■ Listed entries ■

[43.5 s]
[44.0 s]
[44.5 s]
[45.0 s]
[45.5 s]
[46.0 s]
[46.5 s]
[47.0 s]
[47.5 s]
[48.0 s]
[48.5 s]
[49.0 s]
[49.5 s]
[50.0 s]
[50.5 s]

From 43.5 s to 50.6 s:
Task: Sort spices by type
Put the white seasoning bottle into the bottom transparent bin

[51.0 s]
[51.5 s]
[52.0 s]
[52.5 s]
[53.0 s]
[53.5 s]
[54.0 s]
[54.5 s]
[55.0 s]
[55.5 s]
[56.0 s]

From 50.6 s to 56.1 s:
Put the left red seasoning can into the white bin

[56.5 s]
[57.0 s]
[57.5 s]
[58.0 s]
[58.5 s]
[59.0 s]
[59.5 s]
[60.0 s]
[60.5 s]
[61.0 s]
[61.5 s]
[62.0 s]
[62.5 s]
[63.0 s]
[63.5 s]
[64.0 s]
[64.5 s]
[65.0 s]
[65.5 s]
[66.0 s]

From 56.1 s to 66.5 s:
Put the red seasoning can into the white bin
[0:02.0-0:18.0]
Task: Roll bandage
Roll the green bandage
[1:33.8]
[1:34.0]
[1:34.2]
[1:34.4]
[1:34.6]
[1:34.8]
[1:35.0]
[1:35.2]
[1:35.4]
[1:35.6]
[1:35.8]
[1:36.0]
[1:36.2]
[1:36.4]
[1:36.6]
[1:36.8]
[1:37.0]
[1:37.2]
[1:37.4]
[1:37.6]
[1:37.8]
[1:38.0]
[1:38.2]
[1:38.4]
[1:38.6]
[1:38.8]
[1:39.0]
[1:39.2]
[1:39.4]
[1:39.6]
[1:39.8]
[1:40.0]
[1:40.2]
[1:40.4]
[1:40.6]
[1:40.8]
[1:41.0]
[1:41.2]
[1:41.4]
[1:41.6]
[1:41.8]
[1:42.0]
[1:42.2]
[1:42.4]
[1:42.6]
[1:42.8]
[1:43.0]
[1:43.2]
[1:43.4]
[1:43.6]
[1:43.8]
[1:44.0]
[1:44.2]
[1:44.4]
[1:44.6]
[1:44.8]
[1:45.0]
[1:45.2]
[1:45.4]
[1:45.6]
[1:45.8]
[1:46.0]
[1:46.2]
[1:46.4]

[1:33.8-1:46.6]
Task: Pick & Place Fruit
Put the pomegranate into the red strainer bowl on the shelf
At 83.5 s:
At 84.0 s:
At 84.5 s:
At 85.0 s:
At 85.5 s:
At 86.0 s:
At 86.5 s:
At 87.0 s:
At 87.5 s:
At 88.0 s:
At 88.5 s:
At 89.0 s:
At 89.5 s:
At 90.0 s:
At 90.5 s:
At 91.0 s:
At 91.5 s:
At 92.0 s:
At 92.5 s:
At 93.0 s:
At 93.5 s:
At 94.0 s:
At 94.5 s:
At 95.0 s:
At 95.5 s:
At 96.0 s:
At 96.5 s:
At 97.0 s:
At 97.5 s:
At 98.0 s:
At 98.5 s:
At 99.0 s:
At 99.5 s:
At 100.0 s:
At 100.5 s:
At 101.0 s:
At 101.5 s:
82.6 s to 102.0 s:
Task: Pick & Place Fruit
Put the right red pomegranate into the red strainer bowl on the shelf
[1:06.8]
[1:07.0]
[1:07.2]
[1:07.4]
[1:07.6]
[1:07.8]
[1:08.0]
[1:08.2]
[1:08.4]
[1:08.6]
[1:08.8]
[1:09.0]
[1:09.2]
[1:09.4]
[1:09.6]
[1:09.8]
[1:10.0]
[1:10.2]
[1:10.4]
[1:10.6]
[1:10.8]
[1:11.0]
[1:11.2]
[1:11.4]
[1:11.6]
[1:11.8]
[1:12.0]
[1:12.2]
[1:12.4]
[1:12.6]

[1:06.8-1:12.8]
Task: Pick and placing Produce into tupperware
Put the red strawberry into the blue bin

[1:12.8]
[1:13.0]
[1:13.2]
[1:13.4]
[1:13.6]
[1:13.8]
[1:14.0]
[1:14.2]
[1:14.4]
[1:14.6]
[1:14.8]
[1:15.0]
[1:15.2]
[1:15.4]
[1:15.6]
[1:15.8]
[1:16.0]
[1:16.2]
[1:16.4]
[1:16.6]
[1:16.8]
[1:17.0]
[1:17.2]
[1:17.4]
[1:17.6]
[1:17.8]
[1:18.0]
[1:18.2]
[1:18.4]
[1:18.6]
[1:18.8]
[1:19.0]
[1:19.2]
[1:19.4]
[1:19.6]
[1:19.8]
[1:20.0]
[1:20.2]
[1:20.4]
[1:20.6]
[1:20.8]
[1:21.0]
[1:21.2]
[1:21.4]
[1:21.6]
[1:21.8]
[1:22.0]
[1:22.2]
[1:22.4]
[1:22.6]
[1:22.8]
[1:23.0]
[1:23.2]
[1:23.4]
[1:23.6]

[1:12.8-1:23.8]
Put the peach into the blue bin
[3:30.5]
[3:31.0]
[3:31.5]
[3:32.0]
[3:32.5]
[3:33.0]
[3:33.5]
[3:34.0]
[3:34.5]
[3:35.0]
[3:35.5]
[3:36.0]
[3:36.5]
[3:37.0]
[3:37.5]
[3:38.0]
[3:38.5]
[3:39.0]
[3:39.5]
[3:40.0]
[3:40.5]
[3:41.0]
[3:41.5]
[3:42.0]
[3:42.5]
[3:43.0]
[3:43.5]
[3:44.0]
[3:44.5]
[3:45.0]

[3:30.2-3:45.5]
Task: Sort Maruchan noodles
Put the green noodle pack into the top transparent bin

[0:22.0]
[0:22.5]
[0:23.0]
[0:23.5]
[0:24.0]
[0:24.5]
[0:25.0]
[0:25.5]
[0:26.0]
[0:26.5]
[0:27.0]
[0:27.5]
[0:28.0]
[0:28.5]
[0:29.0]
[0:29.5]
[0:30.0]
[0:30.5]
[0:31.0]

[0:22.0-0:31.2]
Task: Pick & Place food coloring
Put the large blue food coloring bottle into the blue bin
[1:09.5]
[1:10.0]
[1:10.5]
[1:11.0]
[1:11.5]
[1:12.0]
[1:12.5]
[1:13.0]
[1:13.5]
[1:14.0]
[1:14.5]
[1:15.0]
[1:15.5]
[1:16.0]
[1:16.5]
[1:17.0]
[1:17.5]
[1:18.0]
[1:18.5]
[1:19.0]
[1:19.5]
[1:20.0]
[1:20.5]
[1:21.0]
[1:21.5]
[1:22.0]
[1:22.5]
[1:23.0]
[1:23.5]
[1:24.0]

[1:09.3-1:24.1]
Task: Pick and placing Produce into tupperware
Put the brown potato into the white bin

■ Exercise description ■
Print out the whole listing exactly as it appears.

■ Answer to the problem ■
[43.5 s]
[44.0 s]
[44.5 s]
[45.0 s]
[45.5 s]
[46.0 s]
[46.5 s]
[47.0 s]
[47.5 s]
[48.0 s]
[48.5 s]
[49.0 s]
[49.5 s]
[50.0 s]
[50.5 s]

From 43.5 s to 50.6 s:
Task: Sort spices by type
Put the white seasoning bottle into the bottom transparent bin

[51.0 s]
[51.5 s]
[52.0 s]
[52.5 s]
[53.0 s]
[53.5 s]
[54.0 s]
[54.5 s]
[55.0 s]
[55.5 s]
[56.0 s]

From 50.6 s to 56.1 s:
Put the left red seasoning can into the white bin

[56.5 s]
[57.0 s]
[57.5 s]
[58.0 s]
[58.5 s]
[59.0 s]
[59.5 s]
[60.0 s]
[60.5 s]
[61.0 s]
[61.5 s]
[62.0 s]
[62.5 s]
[63.0 s]
[63.5 s]
[64.0 s]
[64.5 s]
[65.0 s]
[65.5 s]
[66.0 s]

From 56.1 s to 66.5 s:
Put the red seasoning can into the white bin
[0:02.0-0:18.0]
Task: Roll bandage
Roll the green bandage
[1:33.8]
[1:34.0]
[1:34.2]
[1:34.4]
[1:34.6]
[1:34.8]
[1:35.0]
[1:35.2]
[1:35.4]
[1:35.6]
[1:35.8]
[1:36.0]
[1:36.2]
[1:36.4]
[1:36.6]
[1:36.8]
[1:37.0]
[1:37.2]
[1:37.4]
[1:37.6]
[1:37.8]
[1:38.0]
[1:38.2]
[1:38.4]
[1:38.6]
[1:38.8]
[1:39.0]
[1:39.2]
[1:39.4]
[1:39.6]
[1:39.8]
[1:40.0]
[1:40.2]
[1:40.4]
[1:40.6]
[1:40.8]
[1:41.0]
[1:41.2]
[1:41.4]
[1:41.6]
[1:41.8]
[1:42.0]
[1:42.2]
[1:42.4]
[1:42.6]
[1:42.8]
[1:43.0]
[1:43.2]
[1:43.4]
[1:43.6]
[1:43.8]
[1:44.0]
[1:44.2]
[1:44.4]
[1:44.6]
[1:44.8]
[1:45.0]
[1:45.2]
[1:45.4]
[1:45.6]
[1:45.8]
[1:46.0]
[1:46.2]
[1:46.4]

[1:33.8-1:46.6]
Task: Pick & Place Fruit
Put the pomegranate into the red strainer bowl on the shelf
At 83.5 s:
At 84.0 s:
At 84.5 s:
At 85.0 s:
At 85.5 s:
At 86.0 s:
At 86.5 s:
At 87.0 s:
At 87.5 s:
At 88.0 s:
At 88.5 s:
At 89.0 s:
At 89.5 s:
At 90.0 s:
At 90.5 s:
At 91.0 s:
At 91.5 s:
At 92.0 s:
At 92.5 s:
At 93.0 s:
At 93.5 s:
At 94.0 s:
At 94.5 s:
At 95.0 s:
At 95.5 s:
At 96.0 s:
At 96.5 s:
At 97.0 s:
At 97.5 s:
At 98.0 s:
At 98.5 s:
At 99.0 s:
At 99.5 s:
At 100.0 s:
At 100.5 s:
At 101.0 s:
At 101.5 s:
82.6 s to 102.0 s:
Task: Pick & Place Fruit
Put the right red pomegranate into the red strainer bowl on the shelf
[1:06.8]
[1:07.0]
[1:07.2]
[1:07.4]
[1:07.6]
[1:07.8]
[1:08.0]
[1:08.2]
[1:08.4]
[1:08.6]
[1:08.8]
[1:09.0]
[1:09.2]
[1:09.4]
[1:09.6]
[1:09.8]
[1:10.0]
[1:10.2]
[1:10.4]
[1:10.6]
[1:10.8]
[1:11.0]
[1:11.2]
[1:11.4]
[1:11.6]
[1:11.8]
[1:12.0]
[1:12.2]
[1:12.4]
[1:12.6]

[1:06.8-1:12.8]
Task: Pick and placing Produce into tupperware
Put the red strawberry into the blue bin

[1:12.8]
[1:13.0]
[1:13.2]
[1:13.4]
[1:13.6]
[1:13.8]
[1:14.0]
[1:14.2]
[1:14.4]
[1:14.6]
[1:14.8]
[1:15.0]
[1:15.2]
[1:15.4]
[1:15.6]
[1:15.8]
[1:16.0]
[1:16.2]
[1:16.4]
[1:16.6]
[1:16.8]
[1:17.0]
[1:17.2]
[1:17.4]
[1:17.6]
[1:17.8]
[1:18.0]
[1:18.2]
[1:18.4]
[1:18.6]
[1:18.8]
[1:19.0]
[1:19.2]
[1:19.4]
[1:19.6]
[1:19.8]
[1:20.0]
[1:20.2]
[1:20.4]
[1:20.6]
[1:20.8]
[1:21.0]
[1:21.2]
[1:21.4]
[1:21.6]
[1:21.8]
[1:22.0]
[1:22.2]
[1:22.4]
[1:22.6]
[1:22.8]
[1:23.0]
[1:23.2]
[1:23.4]
[1:23.6]

[1:12.8-1:23.8]
Put the peach into the blue bin
[3:30.5]
[3:31.0]
[3:31.5]
[3:32.0]
[3:32.5]
[3:33.0]
[3:33.5]
[3:34.0]
[3:34.5]
[3:35.0]
[3:35.5]
[3:36.0]
[3:36.5]
[3:37.0]
[3:37.5]
[3:38.0]
[3:38.5]
[3:39.0]
[3:39.5]
[3:40.0]
[3:40.5]
[3:41.0]
[3:41.5]
[3:42.0]
[3:42.5]
[3:43.0]
[3:43.5]
[3:44.0]
[3:44.5]
[3:45.0]

[3:30.2-3:45.5]
Task: Sort Maruchan noodles
Put the green noodle pack into the top transparent bin

[0:22.0]
[0:22.5]
[0:23.0]
[0:23.5]
[0:24.0]
[0:24.5]
[0:25.0]
[0:25.5]
[0:26.0]
[0:26.5]
[0:27.0]
[0:27.5]
[0:28.0]
[0:28.5]
[0:29.0]
[0:29.5]
[0:30.0]
[0:30.5]
[0:31.0]

[0:22.0-0:31.2]
Task: Pick & Place food coloring
Put the large blue food coloring bottle into the blue bin
[1:09.5]
[1:10.0]
[1:10.5]
[1:11.0]
[1:11.5]
[1:12.0]
[1:12.5]
[1:13.0]
[1:13.5]
[1:14.0]
[1:14.5]
[1:15.0]
[1:15.5]
[1:16.0]
[1:16.5]
[1:17.0]
[1:17.5]
[1:18.0]
[1:18.5]
[1:19.0]
[1:19.5]
[1:20.0]
[1:20.5]
[1:21.0]
[1:21.5]
[1:22.0]
[1:22.5]
[1:23.0]
[1:23.5]
[1:24.0]

[1:09.3-1:24.1]
Task: Pick and placing Produce into tupperware
Put the brown potato into the white bin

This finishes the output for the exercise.